Here’s a Second Life animation take on Yeats’ poem, The Stolen Child, by Lainy Voom. Andy Fisher found this for me; thanks!

[youtube=http://www.youtube.com/watch?v=g9hnUYV06t4]

The autograph book demonstrates a lovely collection of shared sentiments, but at the same time, this generation is collaborating in newly found ways to create.

Change hurts but we don’t want to get stuck to the chair

Even sitting in the same room but moving the chair to face the opposite way gives you a different perspective on things.

Today our team of 5 joined other Australian teams and our leaders, Will Richardson and Sheryl Nussbaum-Beach, for the first face-to-face Australian meeting for the Powerful Learning Practice program. Will and Sheryl spoke about how the world is changing but how schools are not. We’ve had this conversation many times at school. It always seems like a difficult challenge, one that weighs us down. It isn’t going to happen. We push and push but the resistance is too strong. But somehow, today, the same challenge wasn’t as threatening. It seemed understandable. I remembered my own recent beginnings with technology. No, back even further, times in my life when the comfortable and familiar were disrupted by change. My first child, moving overseas, my first online experience for a post-grad degree, things like this. We all have them. It’s good to remember these times, and sensible to expect them to happen again. We’re not different to those people who protest against change, except that we’ve climbed over onto the other side of the fence. Some of us have sprinted over, some have struggled over and got our pants caught on a nail, and others have climbed under.

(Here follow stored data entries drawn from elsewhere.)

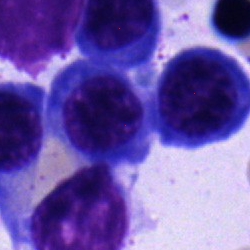 {"cell_type": "nucleated red blood cell"}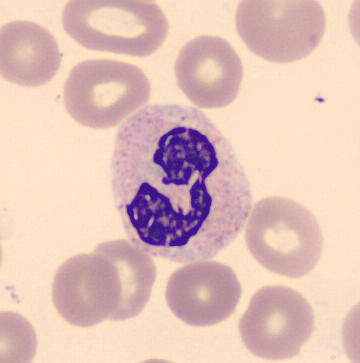 Peripheral blood film.

Single cell identified as a polymorphonuclear neutrophil.
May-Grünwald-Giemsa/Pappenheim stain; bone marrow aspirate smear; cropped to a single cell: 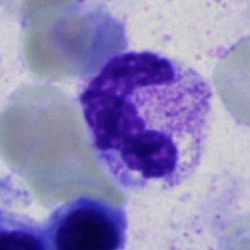 Q: Which cell type is shown here?
A: This is a polymorphonuclear neutrophil.
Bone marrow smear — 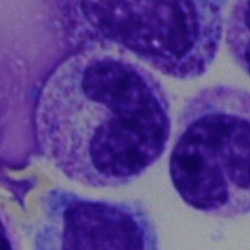 Q: Which cell type is shown here?
A: Band-form neutrophil.

Sheryl reminded us that we need to develop flexibility and patience when things don’t work out; we need adaptability. I’m thinking that we’re like some sort of evolving species as we try to move with the times. We’re not comfortable when we start growing extra legs; it hurts!

But when change freaks me out, I have to remind myself that I also like moving the furniture around. It gets boring sitting and looking at the same view. There are new configurations to be discovered.